◆ **Exercise objective**: Below are some entries. Copy each line that holds the string "Question".

━━ Provided data

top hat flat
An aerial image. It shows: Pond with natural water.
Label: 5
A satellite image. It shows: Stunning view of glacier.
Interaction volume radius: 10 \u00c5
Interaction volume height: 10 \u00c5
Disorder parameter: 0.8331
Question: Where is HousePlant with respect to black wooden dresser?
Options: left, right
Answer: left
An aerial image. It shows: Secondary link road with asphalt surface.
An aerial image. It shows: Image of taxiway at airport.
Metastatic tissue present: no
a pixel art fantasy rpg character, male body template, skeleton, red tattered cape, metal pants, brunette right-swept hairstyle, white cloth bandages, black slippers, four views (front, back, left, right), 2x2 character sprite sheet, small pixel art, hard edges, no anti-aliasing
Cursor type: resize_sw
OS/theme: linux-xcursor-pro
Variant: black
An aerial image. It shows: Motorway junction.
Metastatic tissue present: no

━━━━
━━ Provided data

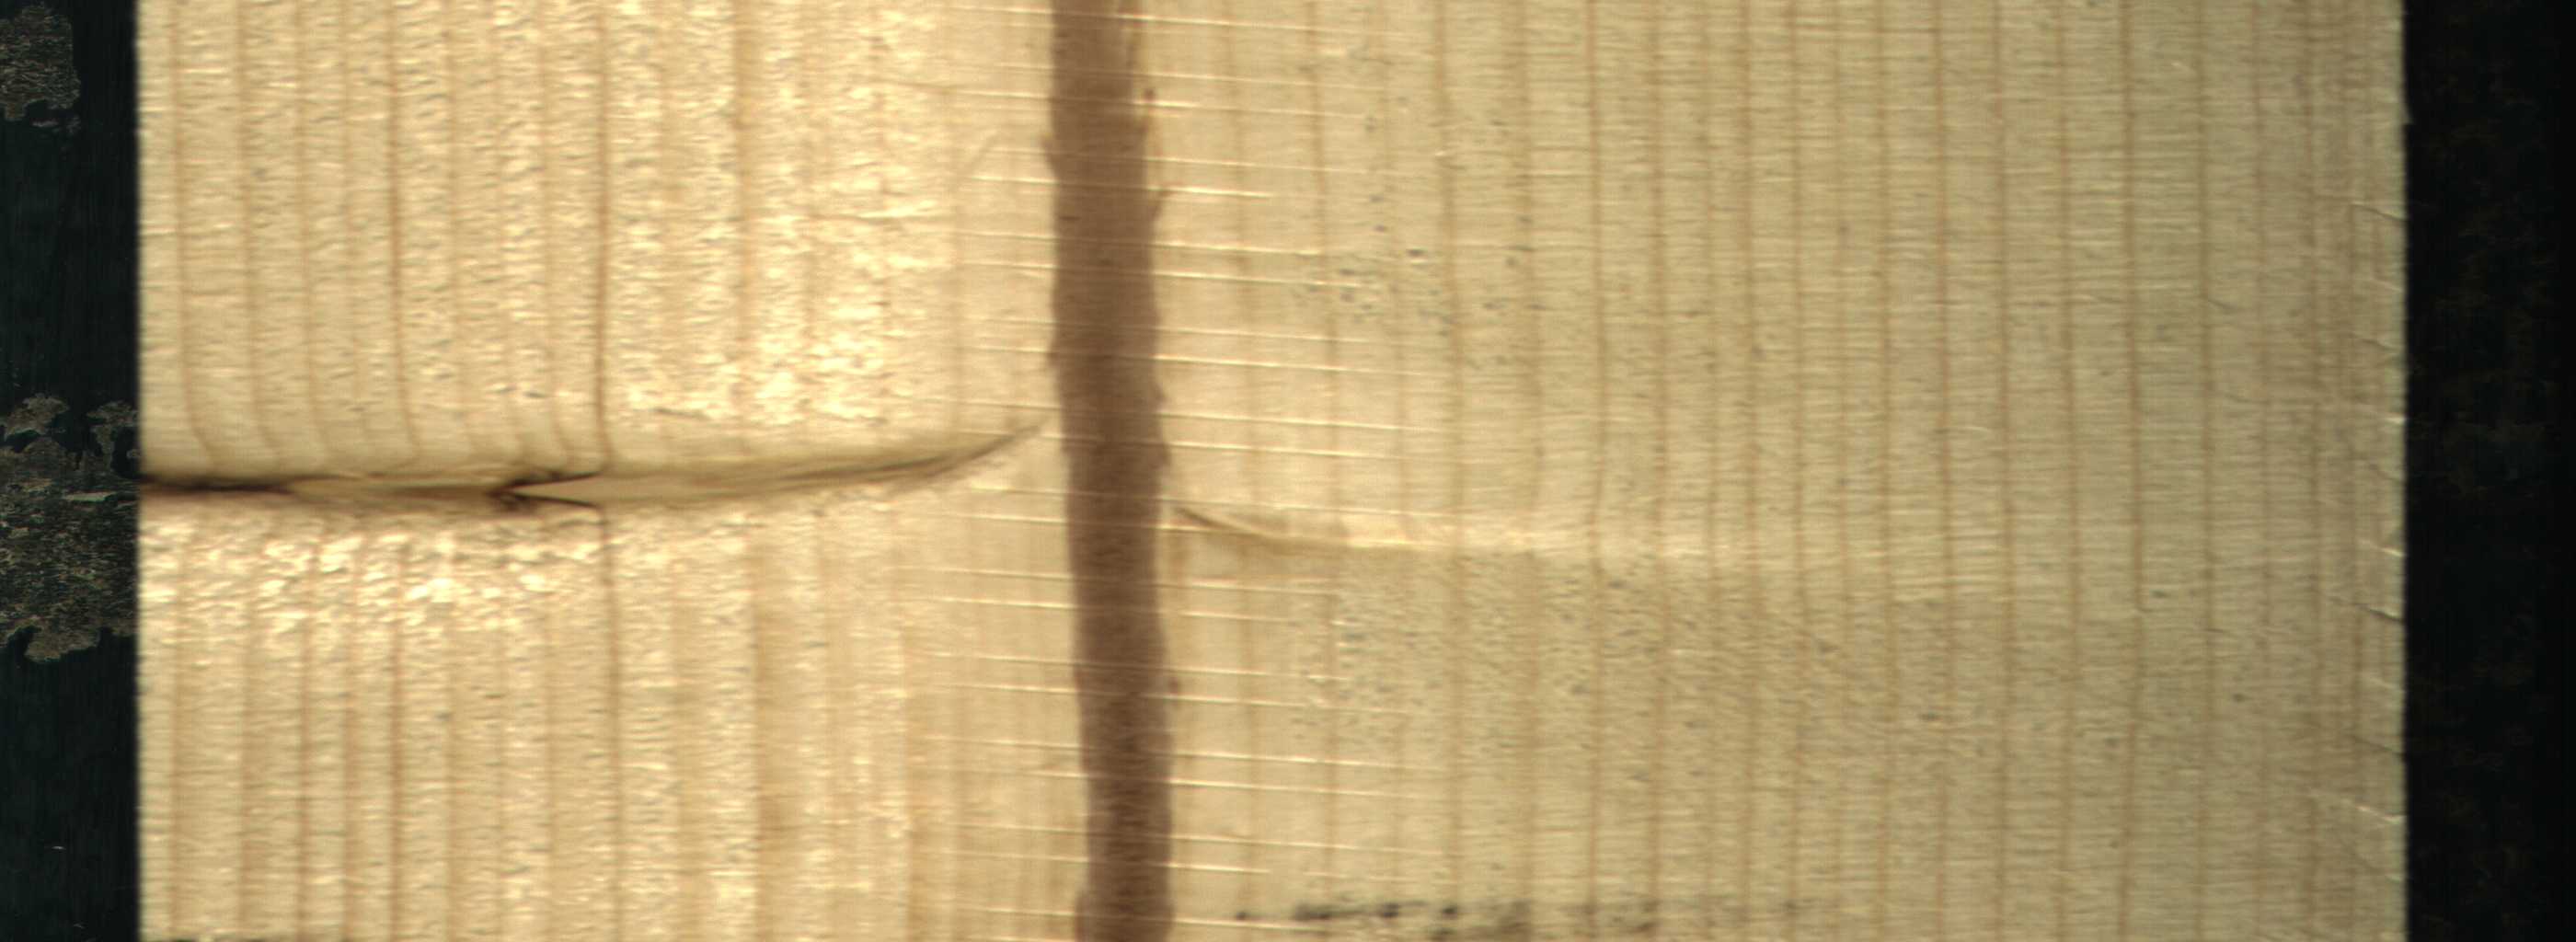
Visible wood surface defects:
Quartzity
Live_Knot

━━━━
━━ Provided data

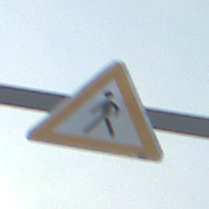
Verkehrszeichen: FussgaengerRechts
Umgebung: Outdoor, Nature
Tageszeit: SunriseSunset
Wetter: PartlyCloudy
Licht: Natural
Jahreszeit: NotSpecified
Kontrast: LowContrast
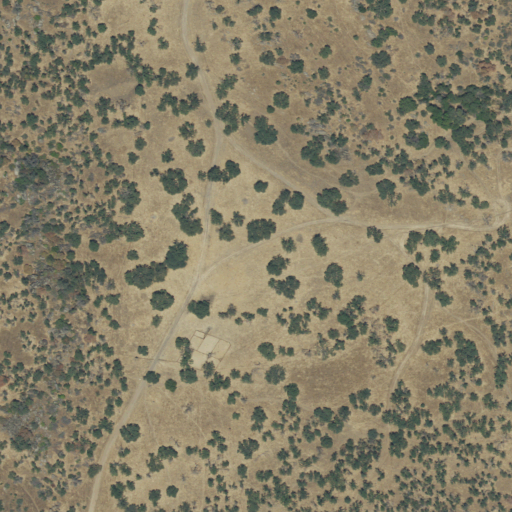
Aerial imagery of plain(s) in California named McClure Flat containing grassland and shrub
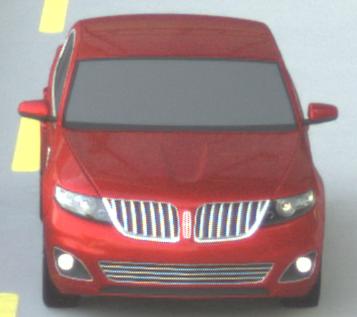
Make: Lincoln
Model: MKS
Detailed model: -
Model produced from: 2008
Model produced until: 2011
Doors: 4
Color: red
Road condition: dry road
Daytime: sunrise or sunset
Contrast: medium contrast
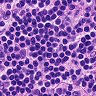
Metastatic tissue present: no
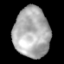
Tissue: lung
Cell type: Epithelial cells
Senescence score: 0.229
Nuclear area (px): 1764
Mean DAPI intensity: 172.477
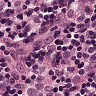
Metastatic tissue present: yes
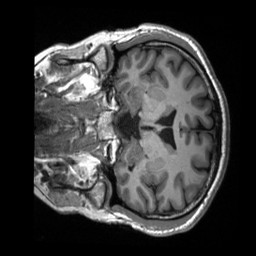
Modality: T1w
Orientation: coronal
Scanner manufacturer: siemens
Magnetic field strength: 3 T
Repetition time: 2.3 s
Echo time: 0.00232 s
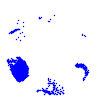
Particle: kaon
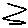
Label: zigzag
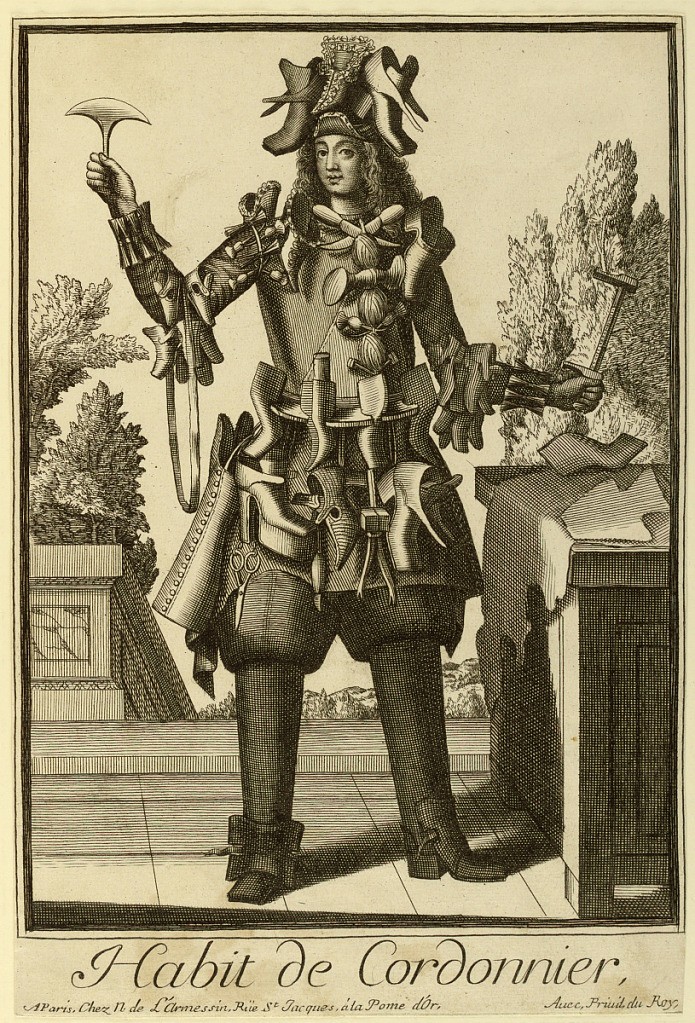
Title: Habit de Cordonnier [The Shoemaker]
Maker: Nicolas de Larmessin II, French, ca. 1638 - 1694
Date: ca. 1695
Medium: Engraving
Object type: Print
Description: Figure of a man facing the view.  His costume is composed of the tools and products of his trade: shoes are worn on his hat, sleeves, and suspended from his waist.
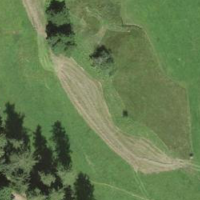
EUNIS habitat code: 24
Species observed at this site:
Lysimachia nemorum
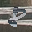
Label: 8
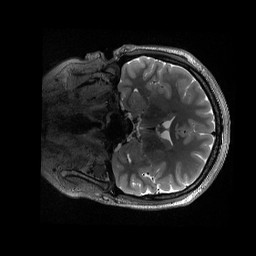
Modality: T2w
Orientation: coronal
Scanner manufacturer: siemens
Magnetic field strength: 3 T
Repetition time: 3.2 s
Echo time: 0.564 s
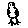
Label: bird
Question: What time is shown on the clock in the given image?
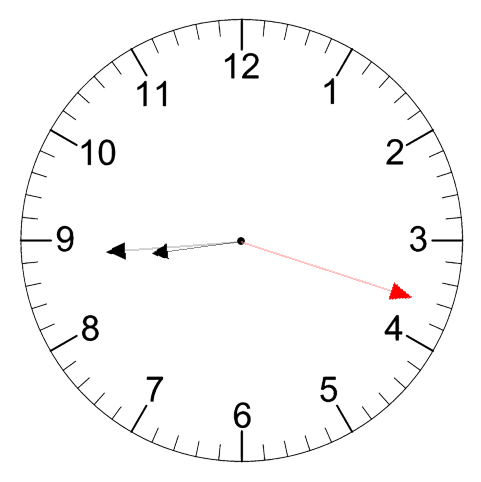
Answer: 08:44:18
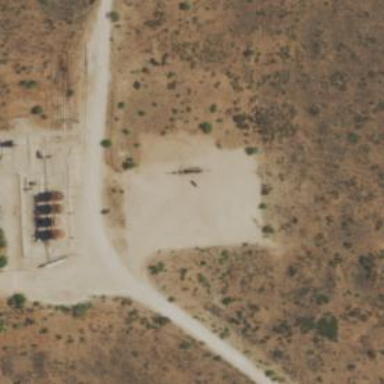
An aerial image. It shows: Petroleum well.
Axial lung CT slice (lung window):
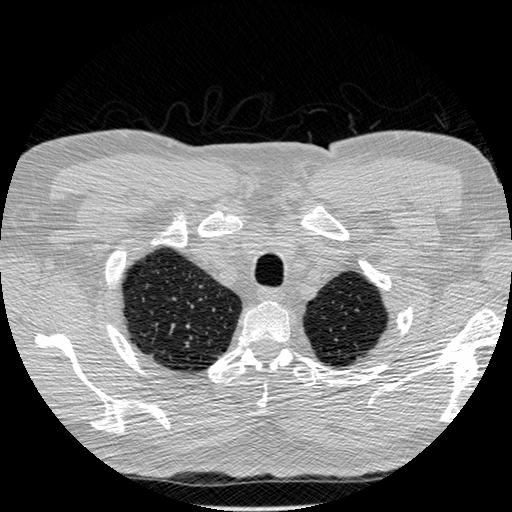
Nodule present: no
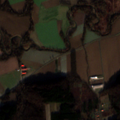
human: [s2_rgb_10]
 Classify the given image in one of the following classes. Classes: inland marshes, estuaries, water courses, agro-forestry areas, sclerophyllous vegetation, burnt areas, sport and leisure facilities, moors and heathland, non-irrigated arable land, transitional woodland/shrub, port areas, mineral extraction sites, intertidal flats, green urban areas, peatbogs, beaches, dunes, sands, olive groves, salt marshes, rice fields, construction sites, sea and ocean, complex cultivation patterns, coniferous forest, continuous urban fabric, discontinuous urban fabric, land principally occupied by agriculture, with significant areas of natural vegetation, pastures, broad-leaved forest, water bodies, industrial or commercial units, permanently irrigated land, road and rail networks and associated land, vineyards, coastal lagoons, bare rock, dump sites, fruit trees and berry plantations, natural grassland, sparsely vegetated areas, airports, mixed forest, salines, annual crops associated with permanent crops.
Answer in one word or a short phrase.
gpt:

━━━━

◆ **Your response**:
Question: Where is HousePlant with respect to black wooden dresser?
Question: What time is shown on the clock in the given image?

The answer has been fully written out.